Una inflación sostenida tiene costos palpables, tanto por el deterioro en los salarios reales como por la dificultad de sostener la competitividad cambiaria. El gobierno hoy parece preferir pagar esos costos dando prioridad al impulso de la demanda doméstica, que a su vez le permite lograr un crecimiento sostenido del empleo. Esto parecería granjearle mayores índices de apoyo que los que perdería con la inflación y la pérdida de competitividad.
El problema es que cada vez necesita generar más estímulo de la demanda doméstica a través del gasto para alcanzar un mismo crecimiento del empleo. Esto es así porque la elasticidad empleo/PBI (porcentaje en que crece el empleo ante cada 1% de aumento en el producto) viene cayendo desde un valor cercano a 1 en 2003-2004 a uno de alrededor de 0,5 en la actualidad.
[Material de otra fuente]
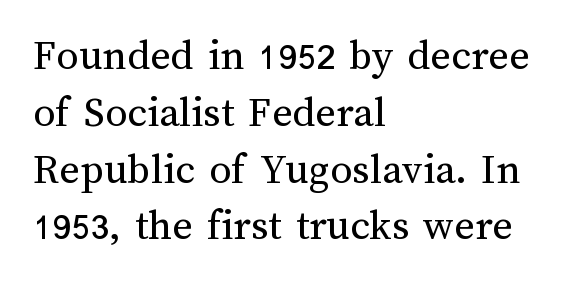
{"italic": "no", "bold": "no", "weight": "regular", "width": "normal", "stroke_contrast": "medium", "x_height": "medium", "monospaced": "no", "underline": "no", "align": "left", "line_spacing": "normal", "line_spacing_ratio": 1.29, "letter_spacing": "normal", "letter_spacing_em": 0.0, "glyph_px": 44}
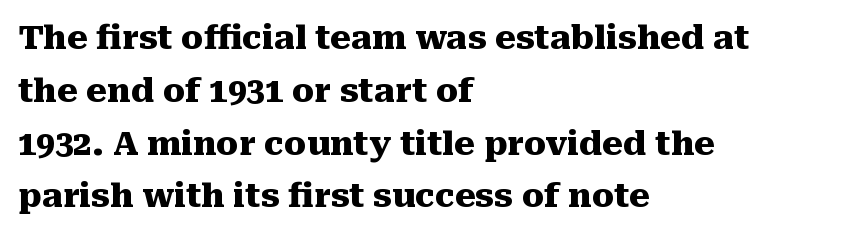
This rendering features lettering with no underline. These lines are composed in type with serifs. The text block is weighted toward the left margin, trailing off unevenly rightward. The lettering stays uniformly vertical, giving the passage a roman look. Tracking value appears to be zero — textbook default spacing. This sample has the flowing, uneven cadence of proportional lettering.

Dicho de otro modo, para que el empleo crezca un 5%, el PBI debe incrementarse en un 10%, mientras que tres años atrás sólo debía subir la mitad. Si el gobierno se resignara a un aumento menos inflacionario del PBI de "sólo" un 6%, el empleo aumentaría en 280.000 nuevos puestos de trabajo este año. En cambio, con un crecimiento previsible de alrededor del 8%, consistente con el actual impulso de la política fiscal, se terminarían creando cerca de 373.000 nuevos empleos. Esta diferencia no es menor a la hora de los votos. La elasticidad empleo/PBI hasta el 2004 era alta, por la posibilidad de seguir aprovechando capacidad instalada ociosa que había a la salida de la crisis y que permitía incrementar la producción simplemente aumentando el empleo. En cambio, en la actualidad no queda demasiada capacidad ociosa y cada nuevo empleo debe ser acompañado por mayores inversiones.
El mecanismo por el cual la expansión fiscal genera más empleo es el siguiente. El gasto público está orientado mayormente a actividades no transables internacionalmente (servicios, construcción), que son más intensivas en uso de mano de obra y más creadoras de empleo que las transables, como la industria y el agro.
En este sentido, debe destacarse que en el 2006 el crecimiento del empleo en actividades no transables explicó un 80% del aumento total en la ocupación. Este mayor estímulo público a la demanda por actividades no transables estuvo fuertemente concentrado en Capital Federal y Gran Buenos Aires, que se beneficiaron significativamente con la asignación regional de los subsidios al transporte, trenes, etc.
El efecto inflacionario del aumento en el gasto también contribuye a licuaciones temporarias del costo laboral, estimulando una mayor contratación. Esto es lo que los economistas llaman la "Curva de Phillips".
El problema es que, tal como lo estamos viendo ahora, las negociaciones salariales incorporan de manera creciente las expectativas inflacionarias, haciendo más difícil seguir explotando este mecanismo.
Así, algunas de las tendencias recientes en la economía interfieren con los desarrollos positivos verificados en el período pos-crisis.
En efecto, la marcada recuperación de la inversión ha estado apoyada fuertemente en el superávit fiscal y en el tipo de cambio real, que generaron mayores ahorros privados y públicos, y en la caída de la volatilidad, que favoreció un cálculo de rentabilidades futuras más previsibles.
Si la expansión fiscal terminara erosionando el superávit fiscal, apreciando el tipo de cambio real e introduciendo más incertidumbre cambiaria y tributaria a futuro, habría un conflicto creciente entre el deseo de crear más empleo y la disponibilidad de capacidad productiva para absorberlo.
Estos comentarios están motivados en la importancia de pensar y definir una agenda proinversión y pro-empleo tras las inversiones, en la convicción de que algunos de los instrumentos pro-empleo utilizados hasta ahora no podrán seguir siendo utilizados de manera indefinida.
GABRIEL SANCHEZ (*)
(*) Economista de Ieral, Fundación Mediterránea.